*Task description*
Could you write out, word for word, each line from the one containing "share of the ground: > 75 %" to the last line of the data below, both included and nothing more?

*Supplied information*
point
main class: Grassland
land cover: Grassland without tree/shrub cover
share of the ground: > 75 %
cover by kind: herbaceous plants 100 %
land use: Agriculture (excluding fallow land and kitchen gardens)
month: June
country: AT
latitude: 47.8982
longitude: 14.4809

*Result for this exercise*
share of the ground: > 75 %
cover by kind: herbaceous plants 100 %
land use: Agriculture (excluding fallow land and kitchen gardens)
month: June
country: AT
latitude: 47.8982
longitude: 14.4809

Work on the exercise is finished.